**Records**.
========================================

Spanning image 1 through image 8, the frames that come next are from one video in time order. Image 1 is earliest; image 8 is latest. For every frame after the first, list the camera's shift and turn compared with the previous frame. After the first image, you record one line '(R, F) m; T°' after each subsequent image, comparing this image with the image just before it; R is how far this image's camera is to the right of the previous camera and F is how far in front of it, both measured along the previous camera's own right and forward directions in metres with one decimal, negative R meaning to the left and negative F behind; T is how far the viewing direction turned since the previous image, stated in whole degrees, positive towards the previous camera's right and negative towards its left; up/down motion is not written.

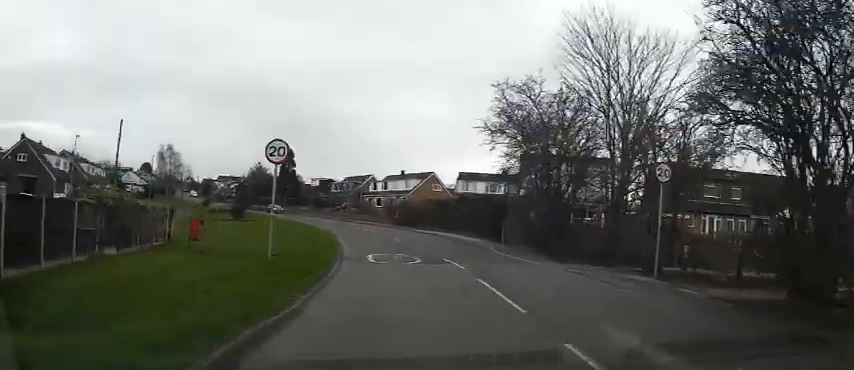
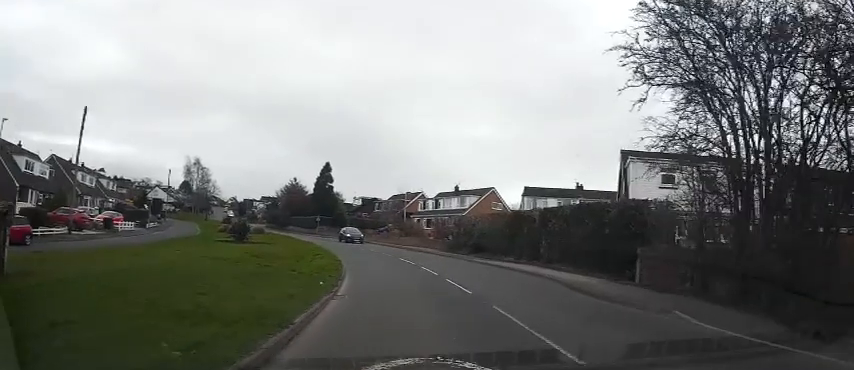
(-0.7, +13.1) m; -7°
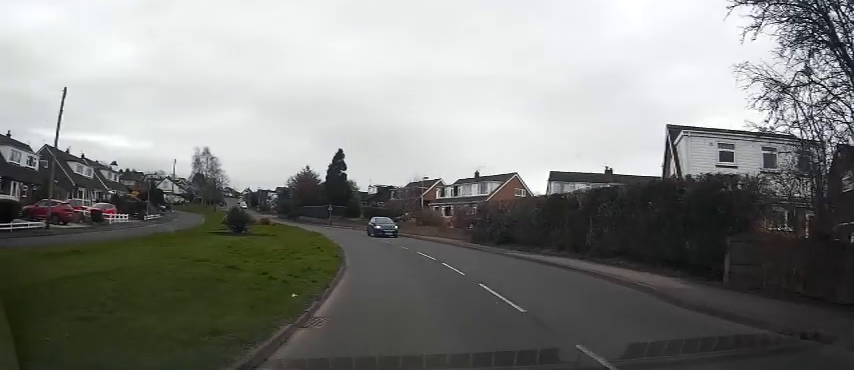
(-0.2, +3.9) m; -2°
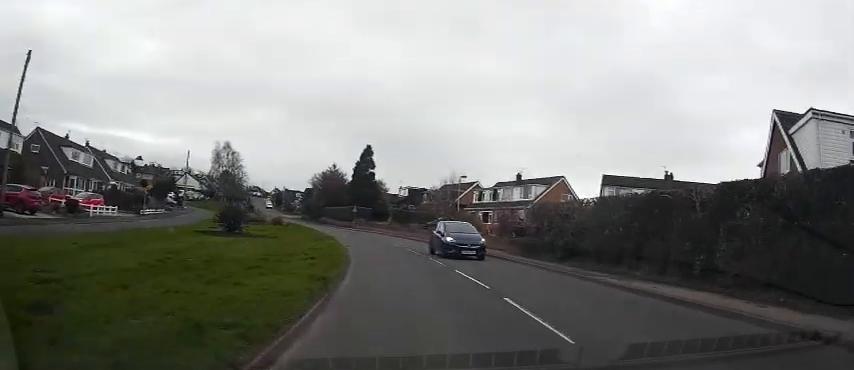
(-0.2, +6.9) m; -4°
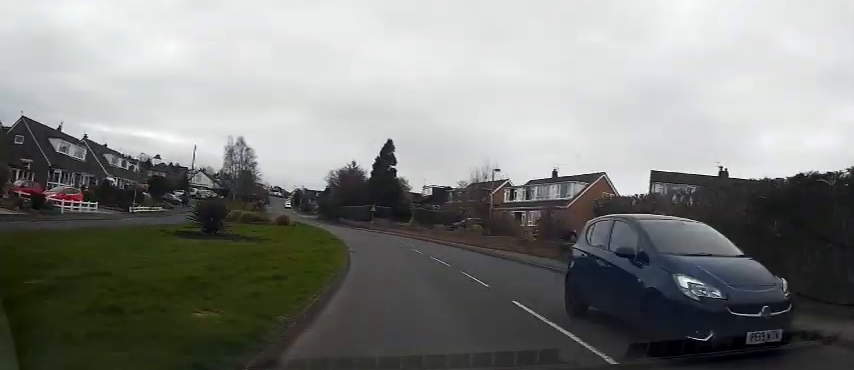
(-0.1, +5.8) m; -3°
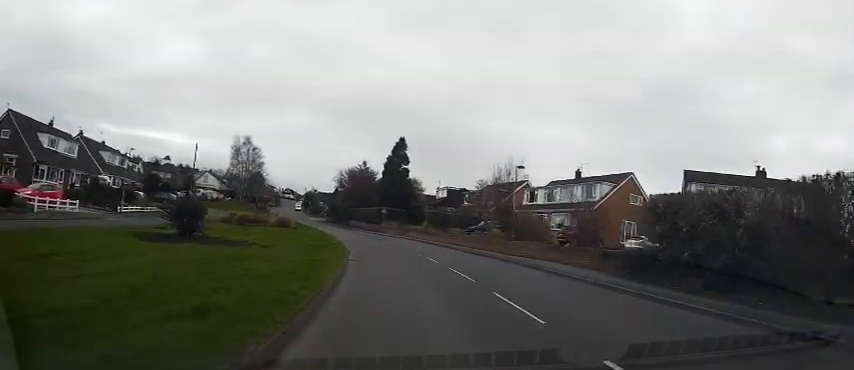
(-0.1, +3.9) m; -2°
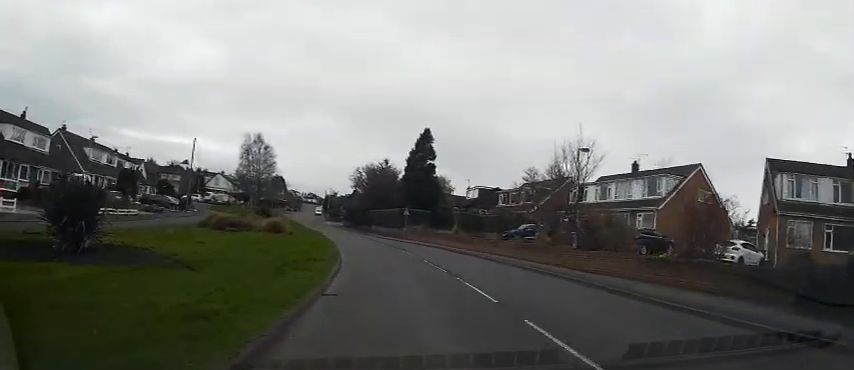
(-0.2, +8.7) m; -4°
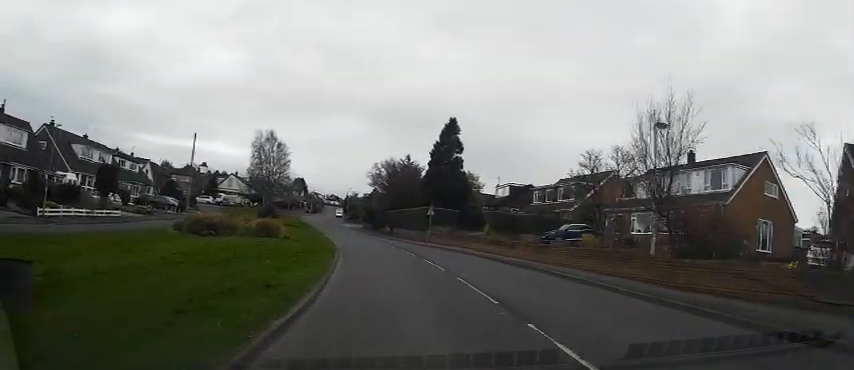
(-0.2, +6.4) m; -4°

========================================

**Directions**. With the pictures left aside, set down each entry above exactly as it stands.

**Solution for this exercise**.
Spanning image 1 through image 8, the frames that come next are from one video in time order. Image 1 is earliest; image 8 is latest. For every frame after the first, list the camera's shift and turn compared with the previous frame. After the first image, you record one line '(R, F) m; T°' after each subsequent image, comparing this image with the image just before it; R is how far this image's camera is to the right of the previous camera and F is how far in front of it, both measured along the previous camera's own right and forward directions in metres with one decimal, negative R meaning to the left and negative F behind; T is how far the viewing direction turned since the previous image, stated in whole degrees, positive towards the previous camera's right and negative towards its left; up/down motion is not written.

(-0.7, +13.1) m; -7°
(-0.2, +3.9) m; -2°
(-0.2, +6.9) m; -4°
(-0.1, +5.8) m; -3°
(-0.1, +3.9) m; -2°
(-0.2, +8.7) m; -4°
(-0.2, +6.4) m; -4°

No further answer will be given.